Very neat. Needs Rust compilation support!

syrak · 2024-04-24T12:14:17.000000Z

For verified Rust there is also https://github.com/creusot-rs/creusot

junon · 2024-04-24T15:00:34.000000Z

Cool, thanks! Will have to look into this

MikaelMayer · 2024-04-24T17:08:14.000000Z

I'm working on it! Feel free to launch a discussion in the GitHub project if you are interested, with examples in mind, if have any questions.

r9295 · 2024-04-24T09:16:21.000000Z

Probably never gonna happen due to how unstable rustc is and due to the fact that a lot of projects require nightly.

junon · 2024-04-24T09:27:07.000000Z

It actually appears they have a rust backend, it just isn't listed in the readme.

It's also a myth that you can't generate stable rust.

_flux · 2024-04-24T10:09:54.000000Z

Surely generating Rust is not a moving target, if you choose to target stable?

r9295 · 2024-04-24T10:13:36.000000Z

It depends on how feasible stable Rust is for popular projects. Many projects mandate nightly. Even if it is a fixed nightly version, the discrepancies across nightly versions add up since they don't just add APIs, they remove them too.

_flux · 2024-04-24T16:37:29.000000Z

Unstable rustc can compile stable code. For code you'd write with Dafny I highly doubt it would be an issue. Perhaps you have a proof of the opposite?

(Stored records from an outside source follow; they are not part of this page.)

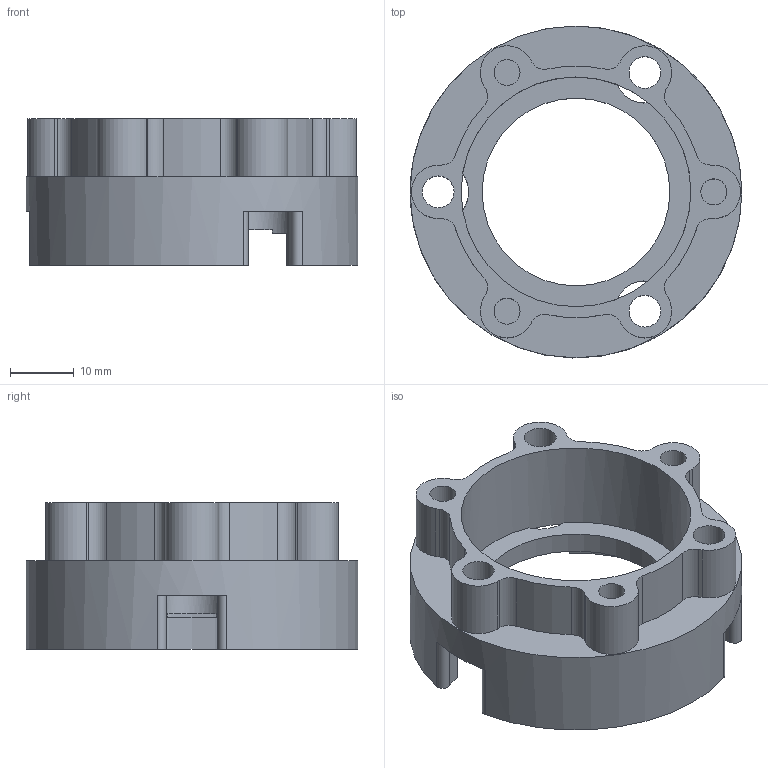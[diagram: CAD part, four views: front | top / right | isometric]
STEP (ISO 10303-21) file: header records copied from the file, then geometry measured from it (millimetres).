
FILE_DESCRIPTION(/* description */ (''),/* implementation_level */ '2;1');
FILE_NAME(/* name */ 'hub v23.step',/* time_stamp */ '2023-12-09T01:33:11-05:00',/* author */ (''),/* organization */ (''),/* preprocessor_version */ 'ST-DEVELOPER v20',/* originating_system */ 'Autodesk Translation Framework v12.14.0.127',/* authorisation */ '');
FILE_SCHEMA (('AUTOMOTIVE_DESIGN { 1 0 10303 214 3 1 1 }'));
Length unit declared in the file: inch
Products named in the file (1): hub
Bounding box: 52 x 52 x 23.02 mm (x, y, z)
Volume: 15537.1 mm3; surface area: 10450.4 mm2
Topology: 1 solids, 1 shells, 76 faces, 225 edges, 150 vertices
Faces by surface type: cylinder 48, plane 28
Full cylindrical faces by diameter (mm): 4.067 x3, 4.978 x3, 29.4 x1, 36 x1, 52 x1
Entity records: 2678 total; most frequent: DIRECTION 505, CARTESIAN_POINT 452, ORIENTED_EDGE 450, EDGE_CURVE 225, AXIS2_PLACEMENT_3D 203, VERTEX_POINT 150, CIRCLE 126, LINE 99

I've only ever needed nightly when doing something a bit off the beaten path, like targeting microcontrollers. The Linux kernel is another big project that needs unstable. It's much more rare a need than you make it out to be.

junon · 2024-04-24T14:59:32.000000Z

Stable rust is inherently compatible with nightly. Especially if they're in their own crate.